▶ **Study material**
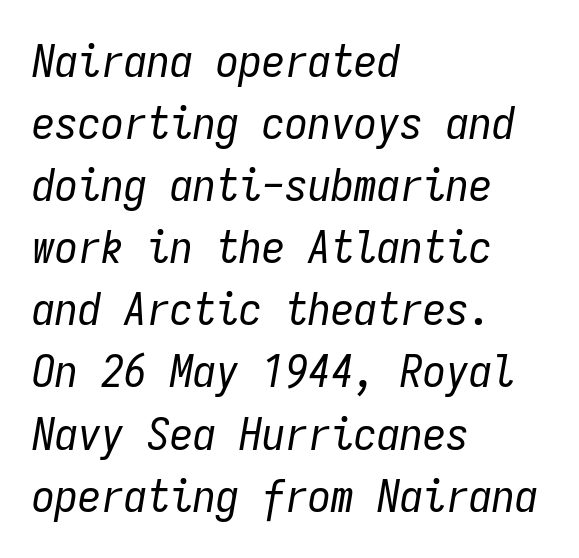
Q: Is the text bold? A: No.
Q: Is the text italic (slanted)? A: Yes, it leans right by about 9 degrees.
Q: Is the text underlined? A: No.
Q: How is the paragraph aligned? A: Left-aligned.
Q: Is the spacing between letters normal or unusually wide? A: Normal.
Q: Is the spacing between lines tight, normal or loose? A: Normal.
Q: Width (condensed, normal, or wide)? A: Condensed.
Q: Stroke contrast? A: Low.
Q: x-height? A: Medium.
Q: Monospaced? A: Yes.
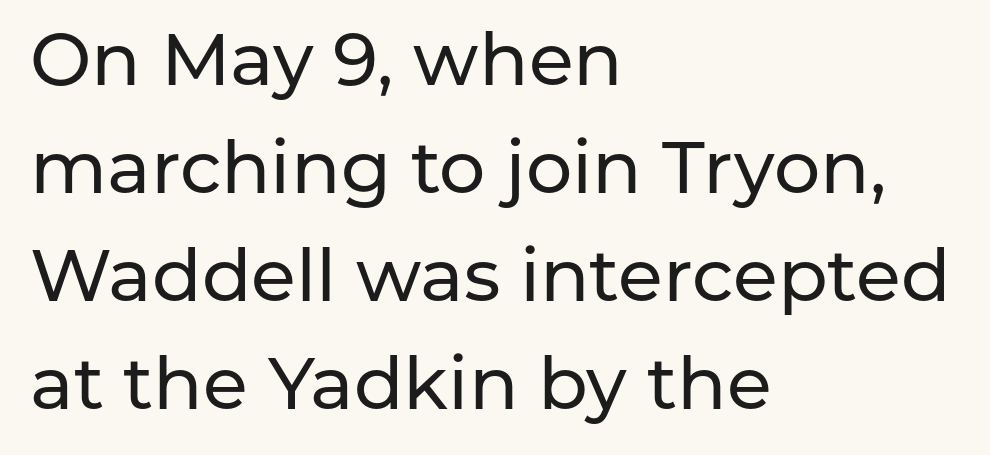
{"serif": "no", "italic": "no", "width": "normal", "stroke_contrast": "low", "x_height": "medium", "monospaced": "no", "underline": "no", "align": "left", "line_spacing": "normal", "line_spacing_ratio": 1.48, "letter_spacing": "normal", "letter_spacing_em": 0.0, "glyph_px": 73}
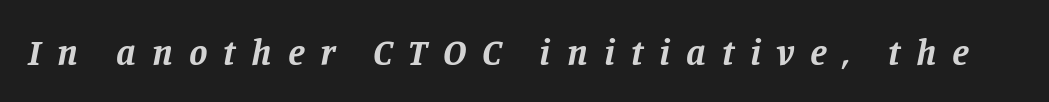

▶ **Exercise**
Only the lines from the one that holds "Q: Width (condensed, normal, or" through the final line of the material should be reproduced, word for word, with the pictures omitted.

▶ **Worked solution**
Q: Width (condensed, normal, or wide)? A: Condensed.
Q: Stroke contrast? A: Low.
Q: x-height? A: Medium.
Q: Monospaced? A: Yes.
{"serif": "no", "italic": "no", "width": "normal", "stroke_contrast": "low", "x_height": "medium", "monospaced": "no", "underline": "no", "align": "left", "line_spacing": "normal", "line_spacing_ratio": 1.48, "letter_spacing": "normal", "letter_spacing_em": 0.0, "glyph_px": 73}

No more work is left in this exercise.